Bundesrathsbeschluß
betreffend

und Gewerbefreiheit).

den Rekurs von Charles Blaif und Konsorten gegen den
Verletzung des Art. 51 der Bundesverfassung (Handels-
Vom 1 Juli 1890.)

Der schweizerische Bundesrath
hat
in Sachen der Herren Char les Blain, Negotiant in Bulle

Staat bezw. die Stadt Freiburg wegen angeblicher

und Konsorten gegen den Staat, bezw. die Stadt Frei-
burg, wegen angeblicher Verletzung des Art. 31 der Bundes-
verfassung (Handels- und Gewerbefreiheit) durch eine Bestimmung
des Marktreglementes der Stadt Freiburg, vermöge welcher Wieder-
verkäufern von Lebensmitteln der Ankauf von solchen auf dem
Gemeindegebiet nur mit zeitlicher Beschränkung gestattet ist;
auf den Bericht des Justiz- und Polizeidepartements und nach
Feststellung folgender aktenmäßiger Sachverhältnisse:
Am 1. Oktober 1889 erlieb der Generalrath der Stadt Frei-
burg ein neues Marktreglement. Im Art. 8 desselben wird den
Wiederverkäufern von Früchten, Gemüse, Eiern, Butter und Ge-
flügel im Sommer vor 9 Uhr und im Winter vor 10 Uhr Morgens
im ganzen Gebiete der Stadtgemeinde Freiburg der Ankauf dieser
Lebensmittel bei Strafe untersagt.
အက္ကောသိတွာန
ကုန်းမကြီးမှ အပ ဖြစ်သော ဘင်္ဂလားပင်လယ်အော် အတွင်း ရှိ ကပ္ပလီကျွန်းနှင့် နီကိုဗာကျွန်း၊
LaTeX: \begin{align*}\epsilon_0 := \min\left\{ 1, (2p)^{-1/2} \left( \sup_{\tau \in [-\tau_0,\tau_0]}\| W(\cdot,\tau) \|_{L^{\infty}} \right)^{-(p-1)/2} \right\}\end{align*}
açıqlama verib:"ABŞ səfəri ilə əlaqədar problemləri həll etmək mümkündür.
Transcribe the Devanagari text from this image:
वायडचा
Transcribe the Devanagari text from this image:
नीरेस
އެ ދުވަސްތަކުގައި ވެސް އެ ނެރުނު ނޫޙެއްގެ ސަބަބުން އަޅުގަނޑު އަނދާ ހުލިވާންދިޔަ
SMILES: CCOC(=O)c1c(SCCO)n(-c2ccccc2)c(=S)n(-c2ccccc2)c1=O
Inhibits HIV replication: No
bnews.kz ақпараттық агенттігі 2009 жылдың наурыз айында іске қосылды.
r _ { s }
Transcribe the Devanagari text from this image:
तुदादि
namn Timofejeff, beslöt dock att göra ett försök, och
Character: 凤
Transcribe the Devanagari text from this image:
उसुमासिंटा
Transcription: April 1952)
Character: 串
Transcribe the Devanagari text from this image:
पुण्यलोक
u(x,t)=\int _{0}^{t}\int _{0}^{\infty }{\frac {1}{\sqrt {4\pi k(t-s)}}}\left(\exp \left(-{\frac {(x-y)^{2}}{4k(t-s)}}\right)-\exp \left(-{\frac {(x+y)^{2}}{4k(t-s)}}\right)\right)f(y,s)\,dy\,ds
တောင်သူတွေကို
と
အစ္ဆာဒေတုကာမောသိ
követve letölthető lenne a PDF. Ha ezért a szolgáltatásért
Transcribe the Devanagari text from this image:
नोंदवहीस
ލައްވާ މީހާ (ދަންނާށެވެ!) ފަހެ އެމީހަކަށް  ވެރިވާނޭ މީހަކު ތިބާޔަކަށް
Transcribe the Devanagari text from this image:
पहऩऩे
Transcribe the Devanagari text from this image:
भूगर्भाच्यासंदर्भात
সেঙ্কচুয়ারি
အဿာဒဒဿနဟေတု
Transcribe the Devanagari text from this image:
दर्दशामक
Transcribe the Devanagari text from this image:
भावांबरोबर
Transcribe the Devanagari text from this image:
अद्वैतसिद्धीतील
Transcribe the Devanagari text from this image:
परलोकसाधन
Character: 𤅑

→ Instructions for the task
Give back exactly the lines above, from the line containing "Character: 凤" through the line containing "Character: 串", with both end lines and nothing more.

→ Result of the task
Character: 凤
Transcribe the Devanagari text from this image:
उसुमासिंटा
Transcription: April 1952)
Character: 串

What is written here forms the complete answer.